Alignment is the Key to Developing a Successful Data Science Project
By lacking measurable strategic objectives it becomes very difficult to create alignment between the data initiatives and where the company wants to go.
Alignment happens when a company works like a single organism and everyone is heading toward the same goal. The success of all your data projects comes down to shared, well-communicated values within the company.
Typically, when new technology initiatives are introduced to an organization, people tend to misunderstand them. They might be afraid and because of this, reject the changes. What happens after - solutions are developed but not used in the company. The lack of organizational alignment is the number one reason why most Data Science and AI projects fail to be executed or adopted.
Other times, the proposed initiatives don’t actually focus on any bottlenecks. Guess what happens? Once the solution is deployed, there is no change in the performance of the company.
To avoid this, Data Science and Artificial Intelligence solutions should be centered around people's needs and the company's goals and integrate perfectly with the existing solutions. People need to understand why these changes are happening and how technologies will help them personally and the organization itself.

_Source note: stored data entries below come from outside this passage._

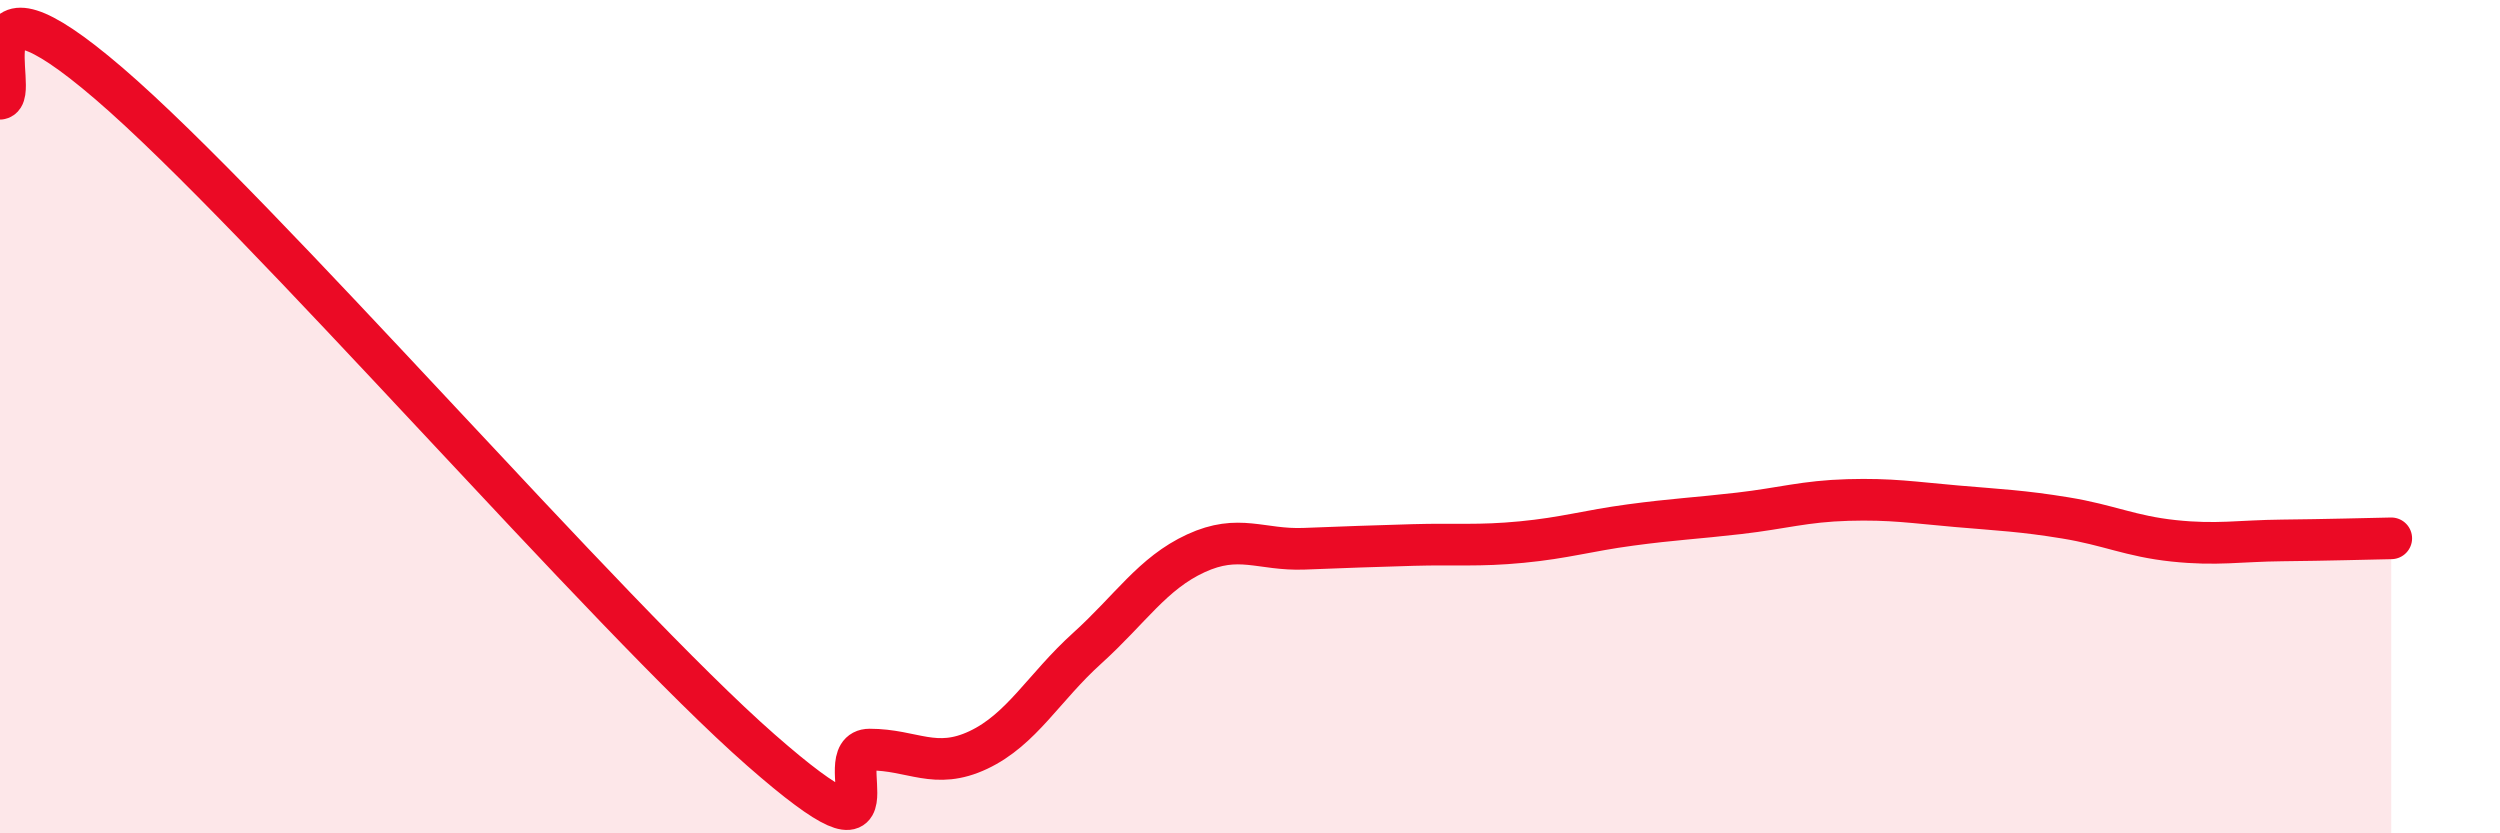 
    <svg width="60" height="20" viewBox="0 0 60 20" xmlns="http://www.w3.org/2000/svg">
      <path
        d="M 0,2.37 C 0.52,2.3 -1.04,-1.13 2.61,2 C 6.26,5.13 14.61,14.8 18.26,18 C 21.91,21.2 19.83,17.99 20.87,17.99 C 21.91,17.99 22.44,18.49 23.48,18 C 24.52,17.51 25.05,16.5 26.09,15.56 C 27.13,14.62 27.66,13.76 28.7,13.28 C 29.74,12.8 30.26,13.21 31.3,13.17 C 32.34,13.13 32.87,13.11 33.91,13.08 C 34.95,13.05 35.48,13.11 36.52,13.01 C 37.56,12.91 38.09,12.74 39.13,12.6 C 40.17,12.46 40.7,12.44 41.74,12.32 C 42.78,12.2 43.31,12.03 44.35,12 C 45.39,11.97 45.92,12.06 46.96,12.15 C 48,12.24 48.53,12.26 49.57,12.43 C 50.61,12.6 51.13,12.87 52.17,12.98 C 53.21,13.09 53.74,12.98 54.78,12.97 C 55.82,12.96 56.87,12.93 57.39,12.92L57.39 20L0 20Z"
        fill="#EB0A25"
        opacity="0.1"
        stroke-linecap="round"
        stroke-linejoin="round"
      />
      <path
        d="M 0,2.37 C 0.52,2.3 -1.04,-1.13 2.61,2 C 6.26,5.13 14.61,14.8 18.26,18 C 21.91,21.2 19.83,17.99 20.87,17.99 C 21.91,17.99 22.44,18.49 23.48,18 C 24.52,17.51 25.05,16.5 26.09,15.56 C 27.13,14.62 27.66,13.76 28.7,13.28 C 29.74,12.8 30.26,13.21 31.3,13.17 C 32.34,13.13 32.87,13.11 33.91,13.08 C 34.95,13.05 35.48,13.11 36.52,13.01 C 37.56,12.91 38.09,12.74 39.13,12.6 C 40.17,12.46 40.7,12.44 41.74,12.32 C 42.78,12.2 43.31,12.03 44.35,12 C 45.39,11.97 45.92,12.06 46.96,12.15 C 48,12.24 48.53,12.26 49.57,12.43 C 50.61,12.6 51.13,12.87 52.17,12.98 C 53.21,13.09 53.74,12.98 54.78,12.97 C 55.82,12.96 56.87,12.93 57.39,12.92"
        stroke="#EB0A25"
        stroke-width="1"
        fill="none"
        stroke-linecap="round"
        stroke-linejoin="round"
      />
    </svg>
  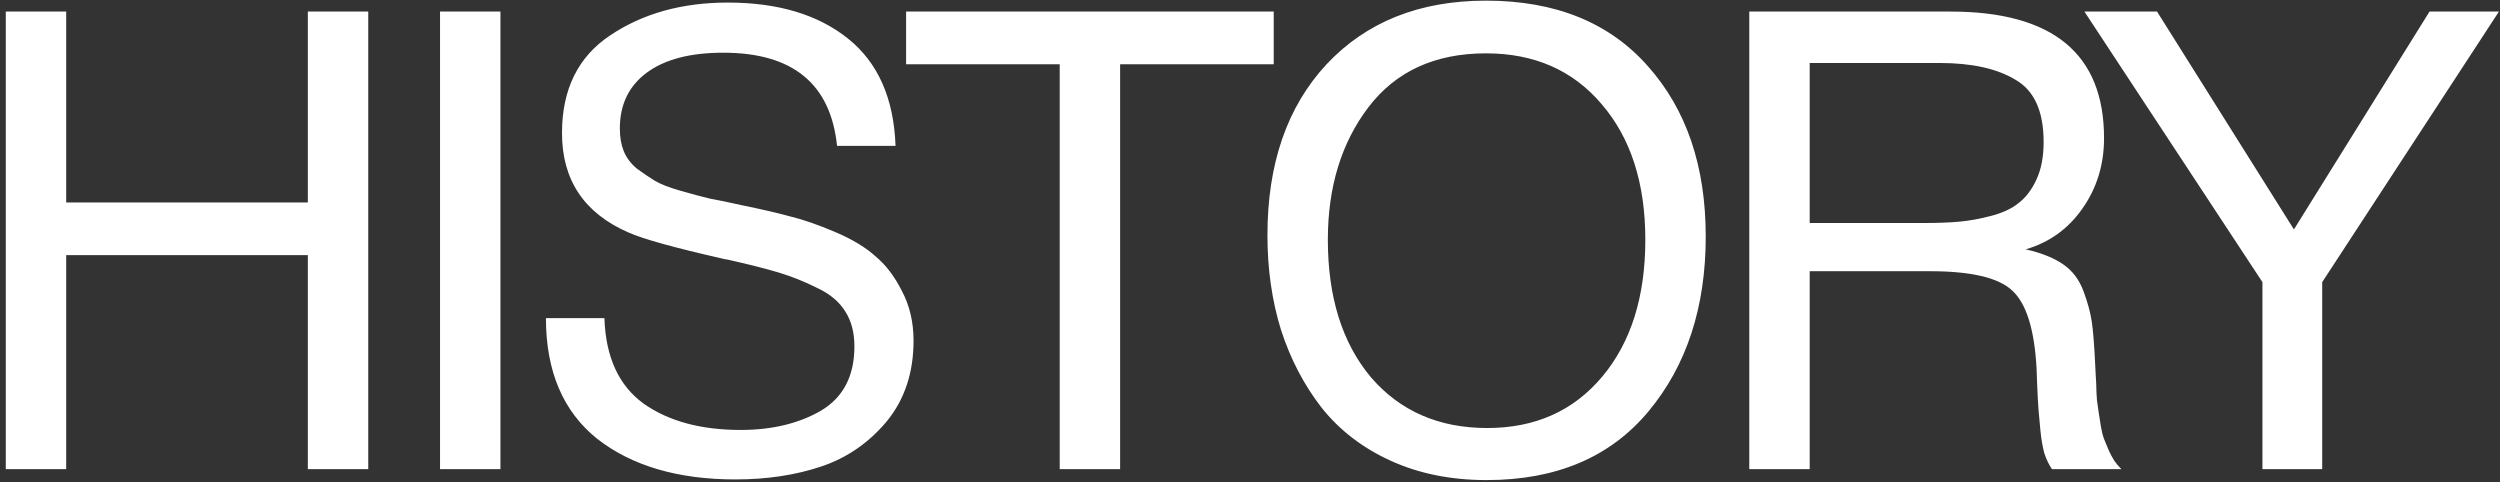 <?xml version="1.0" encoding="UTF-8"?> <svg xmlns="http://www.w3.org/2000/svg" width="389" height="75" viewBox="0 0 389 75" fill="none"><rect x="0" y="0" width="389" height="75" fill="#333333" stroke="none"/> <path d="M57.3 1.8V73H47.9V39.7H10.3V73H0.9V1.8H10.3V31.5H47.9V1.8H57.3ZM77.868 1.8V73H68.468V1.8H77.868ZM139.347 22.7H130.247C129.247 13.033 123.347 8.2 112.547 8.2C107.414 8.2 103.447 9.233 100.647 11.3C97.847 13.367 96.447 16.267 96.447 20C96.447 21.333 96.647 22.5 97.047 23.5C97.447 24.5 98.114 25.4 99.047 26.2C100.047 26.933 100.98 27.567 101.847 28.1C102.714 28.633 104.08 29.167 105.947 29.7C107.814 30.233 109.314 30.633 110.447 30.9C111.58 31.1 113.347 31.467 115.747 32C118.68 32.6 121.114 33.167 123.047 33.7C124.98 34.167 127.28 34.967 129.947 36.1C132.614 37.233 134.714 38.5 136.247 39.9C137.847 41.233 139.214 43.033 140.347 45.3C141.547 47.567 142.147 50.133 142.147 53C142.147 58 140.747 62.2 137.947 65.6C135.147 68.933 131.747 71.267 127.747 72.6C123.747 73.933 119.314 74.6 114.447 74.6C105.514 74.6 98.347 72.5 92.947 68.3C87.614 64.033 84.947 57.767 84.947 49.5H94.047C94.247 55.567 96.28 60 100.147 62.8C104.014 65.533 109.047 66.9 115.247 66.9C120.114 66.9 124.28 65.9 127.747 63.9C131.214 61.833 132.947 58.5 132.947 53.9C132.947 51.767 132.48 49.967 131.547 48.5C130.614 46.967 129.147 45.733 127.147 44.8C125.147 43.8 123.147 43 121.147 42.4C119.147 41.8 116.514 41.133 113.247 40.4C112.78 40.333 112.447 40.267 112.247 40.2C104.914 38.533 100.114 37.2 97.847 36.2C90.913 33.2 87.447 28.033 87.447 20.7C87.447 13.9 89.947 8.833 94.947 5.5C100.014 2.1 106.114 0.4 113.247 0.4C121.047 0.4 127.28 2.267 131.947 6C136.614 9.733 139.08 15.3 139.347 22.7ZM198.191 1.8V10H174.291V73H164.891V10H140.991V1.8H198.191ZM231.213 0.1C242.013 0.1 250.413 3.5 256.413 10.3C262.413 17.033 265.413 25.867 265.413 36.8C265.413 47.8 262.446 56.867 256.513 64C250.579 71.133 242.179 74.7 231.313 74.7C225.779 74.7 220.813 73.7 216.413 71.7C212.013 69.7 208.413 66.933 205.613 63.4C202.879 59.867 200.779 55.833 199.313 51.3C197.913 46.767 197.213 41.867 197.213 36.6C197.213 25.467 200.279 16.6 206.413 10C212.613 3.4 220.879 0.1 231.213 0.1ZM231.213 8.3C223.279 8.3 217.179 11.1 212.913 16.7C208.713 22.233 206.613 29.1 206.613 37.3C206.613 46.233 208.846 53.367 213.313 58.7C217.846 63.967 223.879 66.6 231.413 66.6C238.879 66.6 244.846 63.933 249.313 58.6C253.779 53.267 256.013 46.167 256.013 37.3C256.013 28.5 253.746 21.467 249.213 16.2C244.746 10.933 238.746 8.3 231.213 8.3ZM272.189 1.8H303.489C319.422 1.8 327.389 8.367 327.389 21.5C327.389 25.633 326.256 29.3 323.989 32.5C321.789 35.633 318.856 37.733 315.189 38.8C317.589 39.333 319.522 40.1 320.989 41.1C322.456 42.1 323.522 43.5 324.189 45.3C324.856 47.1 325.289 48.7 325.489 50.1C325.689 51.5 325.856 53.567 325.989 56.3C325.989 56.567 326.022 57.233 326.089 58.3C326.156 59.3 326.189 60 326.189 60.4C326.189 60.733 326.222 61.367 326.289 62.3C326.422 63.233 326.522 63.933 326.589 64.4C326.656 64.867 326.756 65.5 326.889 66.3C327.022 67.1 327.189 67.767 327.389 68.3C327.589 68.767 327.822 69.333 328.089 70C328.356 70.6 328.656 71.167 328.989 71.7C329.322 72.167 329.689 72.6 330.089 73H319.289C318.822 72.333 318.422 71.5 318.089 70.5C317.822 69.5 317.622 68.333 317.489 67C317.356 65.6 317.256 64.5 317.189 63.7C317.122 62.833 317.056 61.6 316.989 60C316.922 58.4 316.889 57.5 316.889 57.3C316.556 51.233 315.289 47.2 313.089 45.2C310.956 43.2 306.689 42.2 300.289 42.2H281.589V73H272.189V1.8ZM281.589 9.8V34.7H299.289C301.489 34.7 303.322 34.633 304.789 34.5C306.322 34.367 307.989 34.067 309.789 33.6C311.589 33.133 313.022 32.467 314.089 31.6C315.222 30.733 316.156 29.5 316.889 27.9C317.622 26.3 317.989 24.367 317.989 22.1C317.989 17.3 316.522 14.067 313.589 12.4C310.722 10.667 306.789 9.8 301.789 9.8H281.589ZM388.835 1.8L361.335 43.9V73H352.035V43.9L324.335 1.8H335.635L356.935 35.7L378.035 1.8H388.835Z" fill="white"></path> </svg>

For companies looking to grow, the ultimate objective of a Data Strategy is not to replace people in the companies but to help them do their jobs more effectively and efficiently than ever before. People will be replaced in their repetitive, simple processes. However, once they are automated, people can focus on high-quality problems, problems that only humans can solve, and problems that are truly complex and require creative solutions or human interaction.
Data Strategy makes the way to becoming a data-driven company transparent and consistent. It secures you against possible risks and provides you with a clear picture of how to scale your business with technology.
Most common problems
When a company finally decides to take data strategy seriously, these are the most common problems found:
Foundation:
Lack of OKRs or strategic KPIs: the company doesn’t know where it is, where it wants to go, and if it’s going in the right direction.
Lack of a single source of truth: the data is scattered across the organization, many times living in silos.
Lack of technical infrastructure: there’s no infrastructure to support the company in becoming data-driven.
Observation:
No dashboards: the company doesn’t have any dashboards or visualizations to help understand patterns in the data;
No alerts: the company lacks systems that alert when a target is hit when the performance drops a certain level, or an anomaly is identified.
Resilience:
Subsystems dependency: systems in the company might be over-dependent on other systems, in a way that if one of those systems fails, the whole company might fail. One example is invoicing, many companies will stop if their single invoicing system fails.
Competence:
Processes aren’t clearly defined: many times organizations want to use AI and data science to improve parts of processes that aren’t even formally defined or documented yet.
Expansion:
Jumping ahead: imagine on your first day of running wanting to try a marathon. Many companies are trying to jump straight into the most advanced analysis without taking care of the simple things first. They want to develop and deploy full-scale recommendation systems or super-advanced language models, however, they lack the basic foundation that will support the development, deployment and maintenance of those systems.
Did you notice that, before each of these systems, there’s a category? Foundation, Observation, Resilience, Competence, and Expansion - or FORCE - is our data strategy methodology that tackles each of these challenges and sets up any organization on a successful path to success.